How much does Disney care about the negative publicity around the Johansson fracas? The actress’ legal action has surely burned bridges with the studio and, after years of Marvel films, it remains to be seen whether she works there again. She has already stated that she has no plans to return as Natasha Romanoff, the character she plays in Black Widow who has also graced a number of other MCU tentpoles – helping to earn Disney huge profits along the way.
Far more important for the studio is keeping Marvel Studios head Kevin Feige on-side. Feige is reportedly upset by the furore and is said to have preferred a pure theatrical release for Black Widow before it transitioned to Disney+.
While media analysts have noted that former Disney CEO Bob Iger would never have allowed an altercation with talent to reach the point where a star sued the studio, the fact that talks between Disney and Johansson broke down speaks to the changing times.
Some insiders who spoke to Screen said that Hollywood’s self-absorption and the agencies’ own lucrative engagement with traditional talent deals has created a myopia that is out of synch with new realities. Streaming platforms and the studios that have been pouring money into building their own direct-to-consumer services know that fans’ only concern is about choice – being able to consume content when and how they want.
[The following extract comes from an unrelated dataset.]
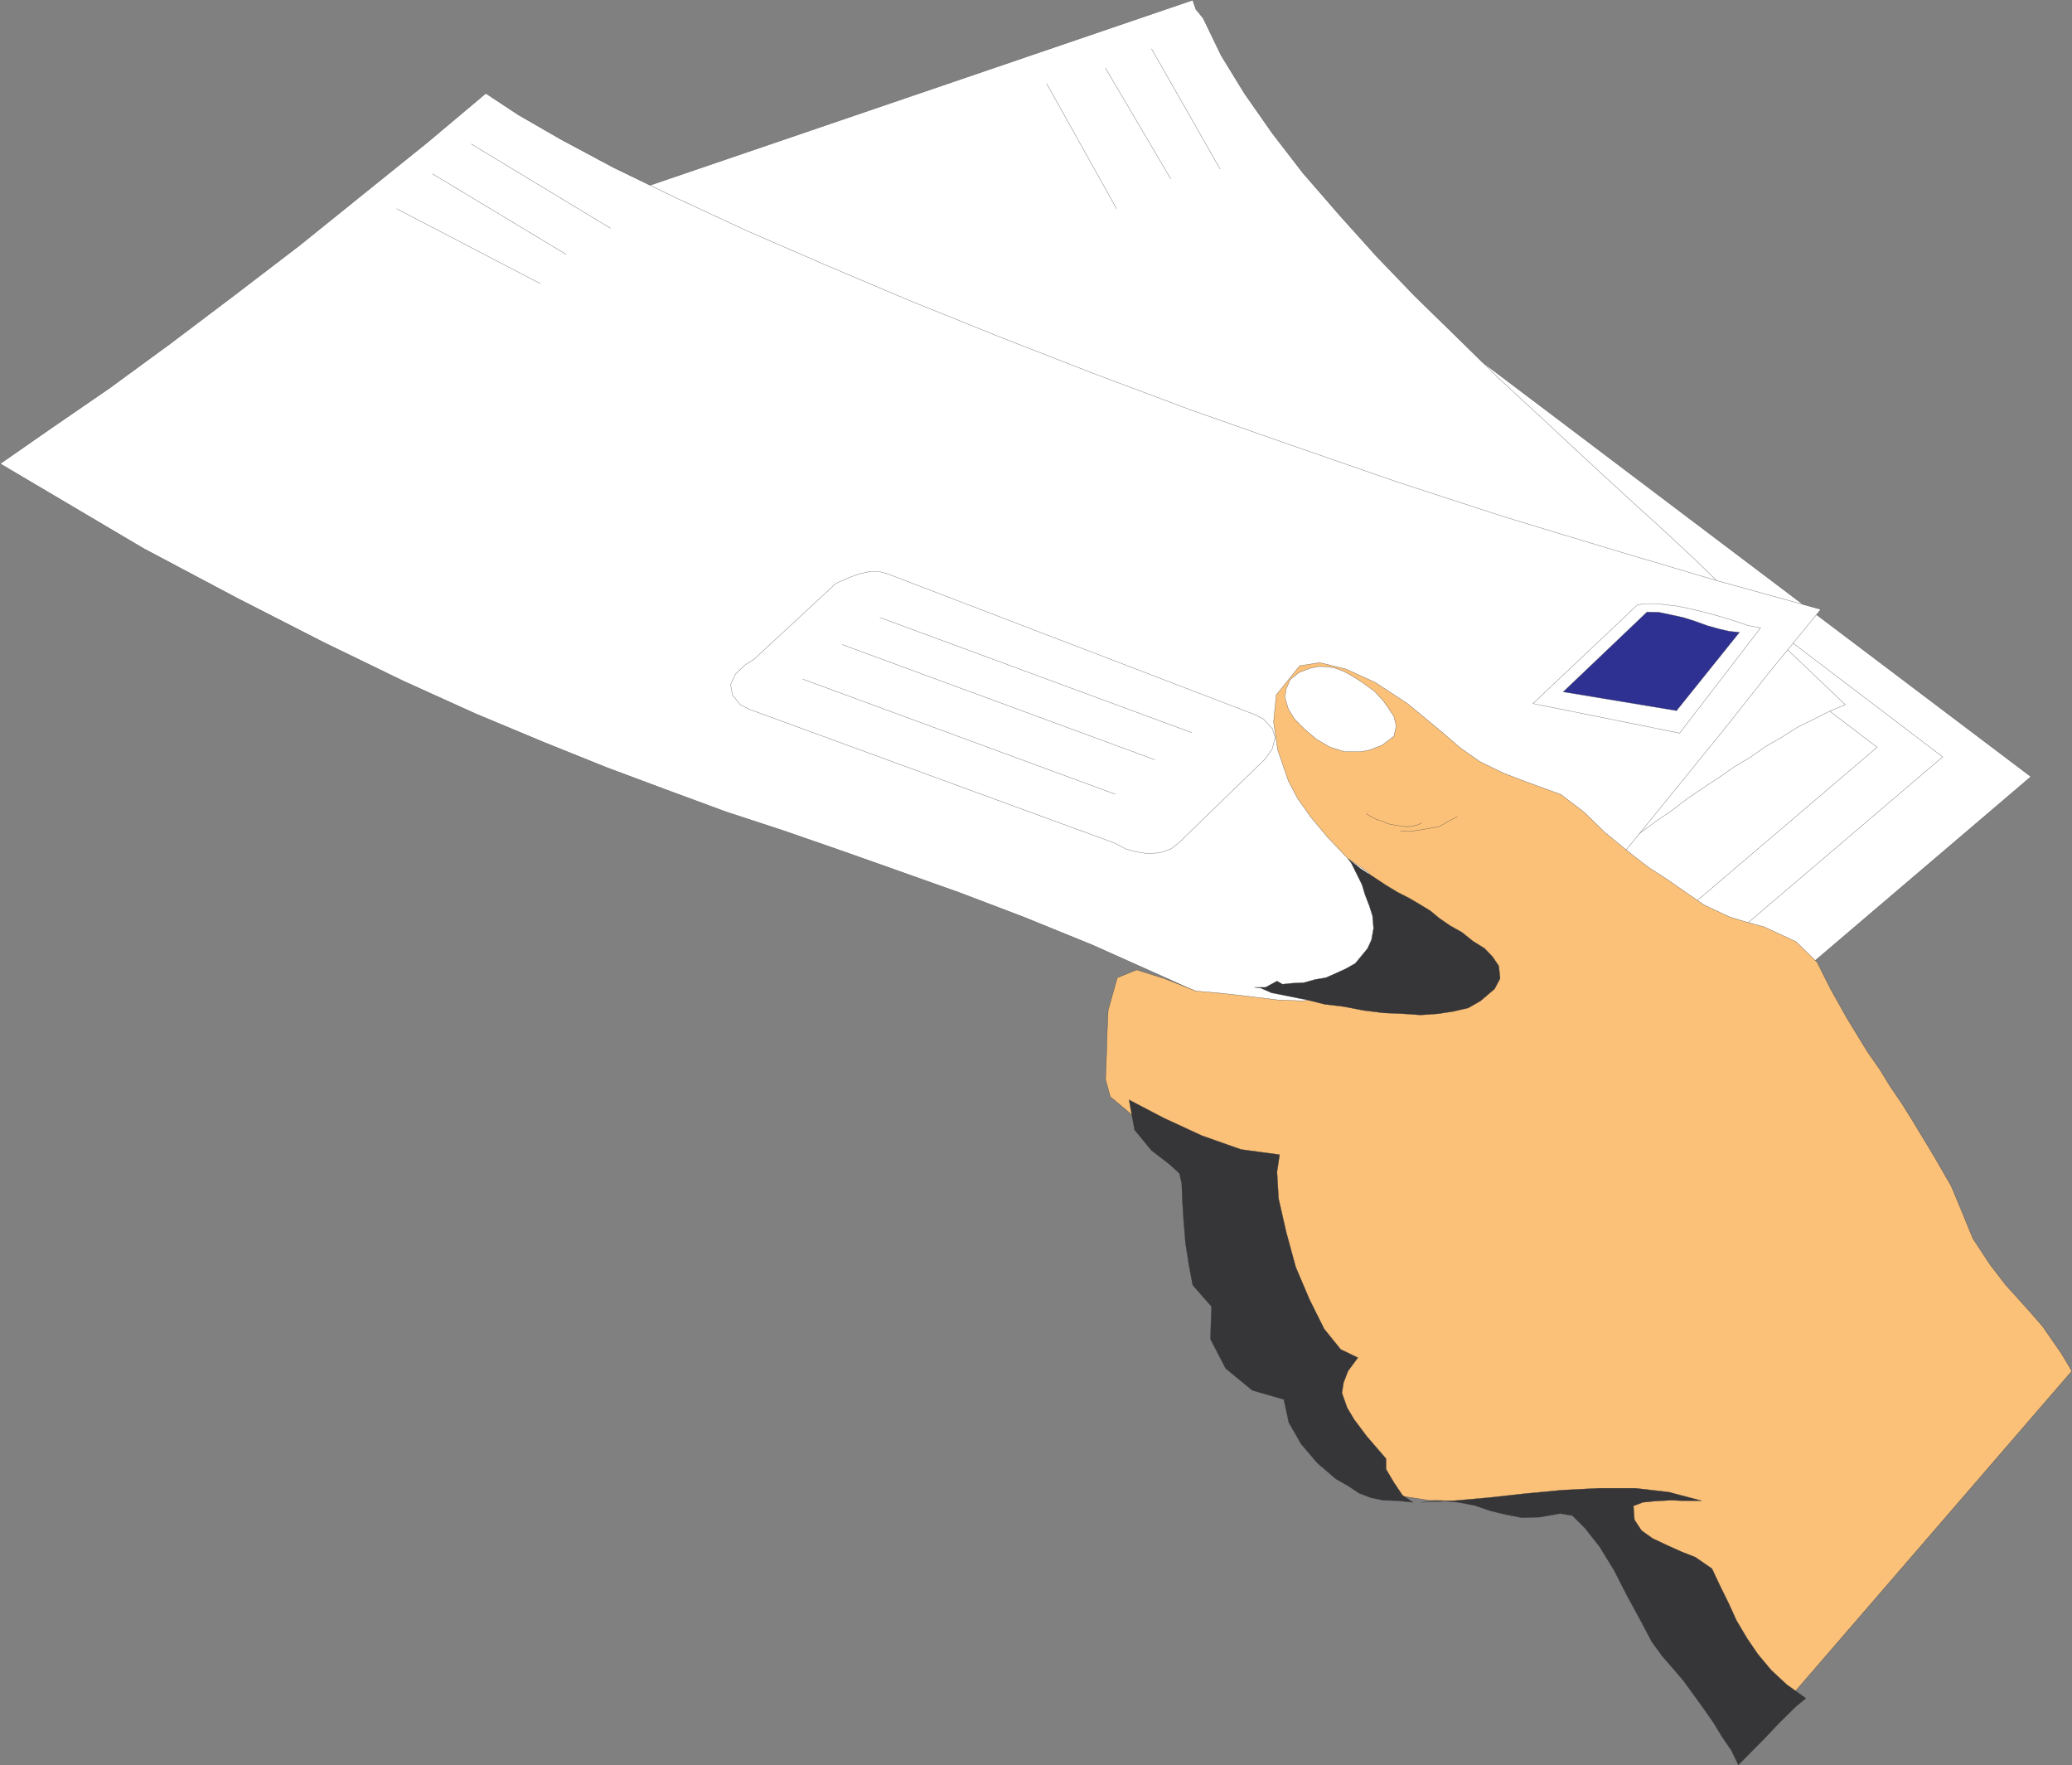 <svg xmlns="http://www.w3.org/2000/svg" width="360.14" height="306.719"><rect width="100%" height="100%" fill="#808080" stroke="none"/><path fill="#fff" stroke="#363639" stroke-width=".045" d="m302.69 177.822 50.3-42.864-103.32-78.047Zm0 0"/><path fill="#fff" stroke="#363639" stroke-width=".045" d="m293.573 169.072 44.09-37.551-90.621-68.852zm0 0"/><path fill="#fff" stroke="#363639" stroke-width=".045" d="m282.143 167.439 44.13-37.598-90.7-68.851zm0 0"/><path fill="#fff" d="m305.143 107.618-4.812-4.808-5.758-5.63-6.121-5.671-6.672-6.07-6.938-6.399-7.16-6.672-7.261-6.707-7.301-7.16-7.168-6.992-6.762-7.027-6.437-7.16-6.301-7.262-5.309-6.89-4.851-6.938-4.04-6.582-3.132-6.489-1.27-1.543-.539-1.59-106.27 36.243-1.859.91-1.672.95-1.449 1.269 180.692 110.76 1.359-.91 4.031-2.543 2.91-1.949 2.72-2 2.718-1.848 2.68-2.05 2.722-1.86 2.899-1.902 2.671-1.86 2.86-1.718 2.59-1.82 2.758-1.583 2.73-1.726 2.852-1.402 2.68-1.36 2.808-1.18-15.598-14.832"/><path fill="none" stroke="#363639" stroke-width=".045" d="m305.143 107.618-4.812-4.808-5.758-5.63-6.121-5.671-6.672-6.07-6.938-6.399-7.16-6.672-7.261-6.707-7.301-7.16-7.168-6.992-6.762-7.027-6.437-7.16-6.301-7.262-5.309-6.89-4.851-6.938-4.04-6.582-3.132-6.489-1.27-1.543-.539-1.59-106.27 36.243-1.859.91-1.672.95-1.449 1.269 180.692 110.76 1.359-.91 4.031-2.543 2.91-1.949 2.72-2 2.718-1.848 2.68-2.05 2.722-1.86 2.899-1.902 2.671-1.86 2.86-1.718 2.59-1.82 2.758-1.583 2.73-1.726 2.852-1.402 2.68-1.36 2.808-1.18zm0 0"/><path fill="#fff" d="m84.44 16.232-10.25 8.61-11.11 8.937-10.968 8.84-11.39 8.71-11.06 8.352-10.66 7.8-10.03 6.887-8.93 6.211 24.941 14.743 16.418 8.707 14.922 7.62 13.75 6.673 12.61 5.707 11.738 4.902 11.07 4.45 10.2 3.808 10.44 3.851 9.97 3.27 9.94 3.441 10.15 3.59 10.71 3.809 10.969 4.172 11.933 4.847 12.79 5.723 13.84 6.258 21.398 6.21 44.902-34.788 8.527-10.473 8.352-10.297 8.34-10.523 8.531-10.387-18.371-5.082-18.461-5.488-18.371-5.57-18.41-5.993-18.188-6.309-17.691-6.21-17.05-6.391-16.419-6.399-15.742-6.35-14.56-6.17-13.558-5.89-12.11-5.63-10.933-5.3-9.157-4.903-7.39-4.258-5.633-3.718"/><path fill="none" stroke="#363639" stroke-width=".045" d="m84.44 16.232-10.25 8.61-11.11 8.937-10.968 8.84-11.39 8.71-11.06 8.352-10.66 7.8-10.03 6.887-8.93 6.211 24.941 14.743 16.418 8.707 14.922 7.62 13.75 6.673 12.61 5.707 11.738 4.902 11.07 4.45 10.2 3.808 10.44 3.851 9.97 3.27 9.94 3.441 10.15 3.59 10.71 3.809 10.969 4.172 11.933 4.847 12.79 5.723 13.84 6.258 21.398 6.21 44.902-34.788 8.527-10.473 8.352-10.297 8.34-10.523 8.531-10.387-18.371-5.082-18.461-5.488-18.371-5.57-18.41-5.993-18.188-6.309-17.691-6.21-17.05-6.391-16.419-6.399-15.742-6.35-14.56-6.17-13.558-5.89-12.11-5.63-10.933-5.3-9.157-4.903-7.39-4.258zm0 0"/><path fill="#fff" d="m284.592 105.118-18.14 17.141 25.488 5.133 14.063-18.281-2.133-.41-2.407-.81-2.671-.82-3.04-.82-2.949-.68-1.402-.269-3.09-.363h-2.668l-1.05.18"/><path fill="none" stroke="#363639" stroke-width=".045" d="m284.592 105.118-18.14 17.141 25.488 5.133 14.063-18.281-2.133-.41-2.407-.81-2.671-.82-3.04-.82-2.949-.68-1.402-.269-3.09-.363h-2.668zm0 0"/><path fill="#2e3192" d="m286.272 106.349-14.559 13.871 19.688 3.27 10.93-13.61-1.73-.18-1.81-.41-2.09-.59-2.128-.77-1.992-.628-2.27-.5-2-.41-2.039-.043"/><path fill="none" stroke="#363639" stroke-width=".045" d="m286.272 106.349-14.559 13.871 19.688 3.27 10.93-13.61-1.73-.18-1.81-.41-2.09-.59-2.128-.77-1.992-.628-2.27-.5-2-.41zM81.901 25.02l24.219 14.65M75.151 30.2l23.262 14.008M68.932 36.27l24.989 13.02M200.143 8.47l11.93 20.91m-19.91-17.512 11.34 19.23m-21.59-16.597 12.16 21.77"/><path fill="#fff" d="m154.292 99.72-1.45-.398h-1.68l-1.859.398-1.812.68-2.18.96-14.238 13.192-1.59 1-1.68 1.629-.812 1.77.312 1.82 1.36 1.68 1.59.808 63.449 23.223 2 1.047 1.59.453 2.039.32 2.172-.094 2-.68 1.359-1.046 15.101-14.653 1.18-1.718.5-1.993-.5-1.5-1.492-1.628-1.46-.782-63.9-24.488"/><path fill="none" stroke="#363639" stroke-width=".045" d="m154.292 99.72-1.45-.398h-1.68l-1.859.398-1.812.68-2.18.96-14.238 13.192-1.59 1-1.68 1.629-.812 1.77.312 1.82 1.36 1.68 1.59.808 63.449 23.223 2 1.047 1.59.453 2.039.32 2.172-.094 2-.68 1.359-1.046 15.102-14.653 1.18-1.718.5-1.993-.5-1.5-1.493-1.628-1.46-.782zm-1.36 7.582 54.2 20m-60.731-15.293 54.332 20.012m-61.23-14.02 54.34 20"/><path fill="#fbc179" d="m360.112 238.24-1.82-3.04-3.262-4.718-2.86-3.274-3.539-3.898-2.718-3.531-2.992-4.54-1.95-4.757-1.82-4.364-3.031-5.257-3.59-5.942-1.86-2.988-2.128-3.129-1.809-2.953-2.18-3.129-3.492-5.711-2.898-5.168-2.32-4.633-3.672-3.578-5.579-2.59-2.902-.77-3.09-.948-4.437-2.09-3.223-2.223-3.129-2.18-3.18-2.039-3.168-2.449-4.492-3.672-3.629-3.539-4.039-3.078-5.761-2.094-4.262-1.629-4.078-2-3.36-2.359-2.992-2.578-6.207-5.133-5.672-3.707-4.988-2.273-4.582-1.137-3.5.547-4.078 5.082-.453 4.71.722 4.86 1.86 5.39 1.64 3.09 2.22 3.13 2.901 3.488 3.59 3.77 3.528 2.35 3.09 4.77.18 4.442-2.9 7.57-3.269 3.09-3.86 1.809-4.62.68-4.489-.18-4.812-.59-4.719-.54-4.582-.41-5.527-2.18-4.762-1.491-3.36 1.363-1.59 5.668-.179 3.992-.09 3.258-.18 4.762.821 3 6.297 5.257 3.133 2.223 3.949 2.5 2.988 1.77 4.582 2.347-.59 3.04-2.039 4.761-.73 3.59-.36 3.492 7.438 2.129-2.488 4.758-1.09 3.59-1.36 4.851 3.72 2.27 4.71 1.129 6.988 4.902 1.81 6.39 1.862 3.09 5.168 2.899 2.22 3.039 4.671 1.41 4.398.68 3.68.09 3.441.09 3.36.812 3.77.871 4.081.45 3.938-.68 4.312.68 4.22 5.077 2.038 3.54 1.91 3.761 1.723 3.45 2.719 5.081 3.808 5.258 3.672 5.352 3.63 5.347 3.491 5.582 58.059-67.21"/><path fill="none" stroke="#363639" stroke-width=".045" d="m360.112 238.24-1.82-3.04-3.262-4.718-2.86-3.274-3.539-3.898-2.718-3.531-2.992-4.54-1.95-4.757-1.82-4.364-3.031-5.257-3.59-5.942-1.86-2.988-2.128-3.129-1.809-2.953-2.18-3.129-3.492-5.711-2.898-5.168-2.32-4.633-3.672-3.578-5.579-2.59-2.902-.77-3.09-.948-4.437-2.09-3.223-2.223-3.129-2.18-3.18-2.039-3.168-2.449-4.492-3.672-3.629-3.539-4.039-3.078-5.761-2.094-4.262-1.629-4.078-2-3.36-2.359-2.992-2.578-6.207-5.133-5.672-3.707-4.988-2.273-4.582-1.137-3.5.547-4.078 5.082-.453 4.71.722 4.86 1.86 5.39 1.64 3.09 2.22 3.13 2.901 3.488 3.59 3.77 3.528 2.35 3.09 4.77.18 4.442-2.9 7.57-3.269 3.09-3.86 1.809-4.62.68-4.489-.18-4.812-.59-4.719-.54-4.582-.41-5.527-2.18-4.762-1.491-3.36 1.363-1.59 5.668-.179 3.992-.09 3.258-.18 4.762.821 3 6.297 5.257 3.133 2.223 3.949 2.5 2.988 1.77 4.582 2.347-.59 3.04-2.039 4.761-.73 3.59-.36 3.492 7.438 2.129-2.488 4.758-1.09 3.59-1.36 4.851 3.72 2.27 4.71 1.129 6.988 4.902 1.809 6.39 1.863 3.09 5.168 2.899 2.219 3.039 4.672 1.41 4.398.68 3.68.09 3.441.09 3.36.812 3.77.871 4.081.45 3.938-.68 4.312.68 4.22 5.077 2.038 3.54 1.91 3.761 1.723 3.45 2.719 5.081 3.808 5.258 3.672 5.352 3.63 5.347 3.491 5.582zm0 0"/><path fill="#363639" d="m234.303 149.208 2.168 1.723 2.27 1.45 2.039 1.358 2.09 1.27 2.043 1.043 1.86 1.09 1.858 1.137 1.54 1.273 1.902 1.309 2.039 1.14 1.91 1.54 2.04 1.269 1.41 1.492 1.038 1.547.23 2.172-.96 1.82-2.438 2.078-2.14 1.23-2.54.59-2.632.41-3.129.22-3.219-.22-3.219-.14-3.582-.45-3.27-.64-3.398-.41-3.042-.77-1.168-.218-4.993-1-1.949-.86-1.05-.101h1.952l2-1.078.95.539 1.77-.18 1.948-.09 1.95-.55 1.86-.31 1.862-.82 1.68-.769 1.59-.91 2.129-2.582.68-1.5.359-2-.18-2.168-.55-1.73-.77-1.993-.5-1.68-.988-2-.872-1.757-.578-.774"/><path fill="none" stroke="#363639" stroke-width=".045" d="m234.303 149.208 2.168 1.723 2.27 1.45 2.039 1.358 2.09 1.27 2.043 1.043 1.86 1.09 1.858 1.137 1.54 1.273 1.902 1.309 2.039 1.14 1.91 1.54 2.04 1.269 1.41 1.492 1.038 1.547.23 2.172-.96 1.82-2.438 2.078-2.14 1.23-2.54.59-2.632.41-3.129.22-3.219-.22-3.218-.14-3.583-.45-3.27-.64-3.397-.41-3.043-.77-1.168-.218-4.993-1-1.949-.86-1.05-.101h1.953l2-1.078.949.539 1.77-.18 1.948-.09 1.95-.55 1.86-.31 1.862-.82 1.68-.769 1.59-.91 2.129-2.582.68-1.5.359-2-.18-2.168-.55-1.73-.77-1.993-.5-1.68-.988-2-.872-1.757zm0 0"/><path fill="#fff" d="m229.17 115.822-1.539.32-1.859.726-1.5 1.184-.719 1.668-.23 1.46.629 2.079 1.09 1.73 1.82 1.813 1.988 1.68 2.363 1.36 2.5.769h2.899l1.398-.27 2.23-.86 2.04-1.55.41-1.762-.41-1.68-1.09-1.64-.727-1.04-1.542-1.679-2.18-1.578-1.54-1-1.679-.91-1.719-.633-1.863-.187h-.77"/><path fill="none" stroke="#363639" stroke-width=".045" d="m229.17 115.822-1.539.32-1.859.726-1.5 1.184-.719 1.668-.23 1.46.629 2.079 1.09 1.73 1.82 1.813 1.988 1.68 2.364 1.36 2.5.769h2.898l1.398-.27 2.23-.86 2.04-1.55.41-1.762-.41-1.68-1.09-1.64-.727-1.04-1.542-1.679-2.18-1.578-1.54-1-1.679-.91-1.719-.633-1.863-.187zm8.25 25.538.961.59.81.41.64.22.633.179.726.371.863.18.637.09.863.14.68.09h.68l.629-.09.96-.23.59-.32m-3.679 1.41 1.5.09 1.86-.27 1.679-.281 1.719-.309 1.5-.871 1.632-.86"/><path fill="#363639" d="m222.413 200.642-6.711-.91-6.801-2.403-6.578-3.039-6.082-3.18.96 5.22 2.942 3.581 3.13 2.41 1.73 1.579.398 1.77.102 2.769.218 3.543.32 3.937.59 3.813.68 3.578 3.262 3.719-.18 5.671 2.63 5.079 4.628 3.812 5.492 1.59.86 3.988 2.128 3.723 2.81 3.308 3.222 2.77 2.14 1.219 1.899 1.27 2 .773 2.129.457 2.632.09 2.63.273-1.82-1.23-1.493-2.223-1.36-2.309v-1.82l-3.359-3.898-2.18-2.903-1.218-2.039-.91-2.578.27-1.773.78-2.04 1.72-2.32-2.993-1.449-2.86-3.539-2.539-5.082-2.41-5.668-1.668-6.121-1.32-5.8-.27-4.63.45-2.988"/><path fill="none" stroke="#363639" stroke-width=".045" d="m222.413 200.642-6.711-.91-6.801-2.403-6.578-3.039-6.082-3.18.96 5.22 2.942 3.581 3.13 2.41 1.73 1.579.398 1.77.102 2.769.218 3.543.32 3.937.59 3.813.68 3.578 3.262 3.719-.18 5.671 2.63 5.079 4.628 3.812 5.492 1.59.86 3.988 2.128 3.723 2.81 3.308 3.222 2.77 2.14 1.219 1.899 1.27 2 .773 2.129.457 2.632.09 2.63.273-1.82-1.23-1.493-2.223-1.36-2.309v-1.82l-3.359-3.898-2.18-2.903-1.218-2.039-.91-2.578.27-1.773.78-2.04 1.72-2.32-2.993-1.449-2.86-3.539-2.539-5.082-2.41-5.668-1.668-6.121-1.32-5.8-.27-4.63zm0 0"/><path fill="#363639" d="m247.042 261.052 3.398-.273 3.043.273 2.809.54 2.808.96 2.633.629 2.77.539 3.09-.09 3.62-.629 2.09.36 2.22 2.218 2.5 3.18 2.538 4.133 2.172 4.258 2.41 4.441 1.95 3.68 1.808 2.488 1.82 2.09 1.86 2.18 1.722 2.351 1.86 2.59 1.59 2.27 1.578 2.582 1.59 2.32 1.23 2.539 1.54-1.55 2.901-2.942 2.72-2.86 2.901-2.859 1.68-1.36-3.351-2.402-2.68-2.5-2.309-2.758-1.863-2.73-1.86-3.129-1.32-2.902-1.539-3.13-1.41-2.987-2.898-2-2.313-.903-2.539-1.14-2.59-1.22-1.898-1.359-1.23-1.859-.18-2.41 1.64-.629 1.809-.184 1.539-.09 1.59-.09 1.95.09h3.312l-5.672-1.5-5.848-.679h-6.21l-6.403.32-6.707.633-6.172.68-6.121.547-5.578.273"/><path fill="none" stroke="#363639" stroke-width=".045" d="m247.042 261.052 3.398-.273 3.043.273 2.809.54 2.808.96 2.633.629 2.77.539 3.09-.09 3.62-.629 2.09.36 2.22 2.218 2.5 3.18 2.538 4.133 2.172 4.258 2.41 4.441 1.95 3.68 1.808 2.488 1.82 2.09 1.86 2.18 1.722 2.351 1.86 2.59 1.59 2.27 1.578 2.582 1.59 2.32 1.23 2.539 1.54-1.55 2.901-2.942 2.72-2.86 2.901-2.859 1.68-1.36-3.351-2.402-2.68-2.5-2.309-2.758-1.863-2.73-1.86-3.129-1.32-2.902-1.539-3.13-1.41-2.987-2.898-2-2.313-.903-2.539-1.14-2.59-1.22-1.898-1.359-1.23-1.859-.18-2.41 1.64-.629 1.809-.184 1.539-.09 1.59-.09 1.95.09h3.312l-5.672-1.5-5.848-.679h-6.21l-6.403.32-6.707.633-6.172.68-6.121.547zm0 0"/></svg>

“Consumers may not have much sympathy for a star who’s already getting paid $20m for the movie and is taking that choice [in how they watch the film] away from them,” says one. “How do you tell a consumer during a pandemic that they can’t see a movie because the star doesn’t think they’ve made enough money in their deal and the consumer has to risk going to a theatre?”
A growing cohort of industry professionals believe the up-front deal structure will become more common. PoC’s Aziz believes that if the major streaming and studio content creators invest more in the value of intellectual property at the expense of star power, it could have a benefit for others in the business.
“They may say they’re going to bet on the IP. Do we want that to happen? Of course not. But if they do, it may present an amazing opportunity for the independent world,” he says. “It could open a door for us in the independent space to work in a truly collaborative way with the talent and create some real and sustainable strategies around financing and producing excellent content which are designed for profitability.”
Hollywood will be watching closely to see if Stone, Blunt – who coincidentally was offered the role of Black Widow before it went to Johansson – or another star steps forward and cries foul over compensation related to day-and-date releases.
“If Johansson loses, talent will continue to negotiate maximum up-front and deal with the studios like they deal with streamers,” notes one entertainment lawyer who works regularly with studios like Disney and streaming platforms. “If she wins, it would be a paradigm shift.”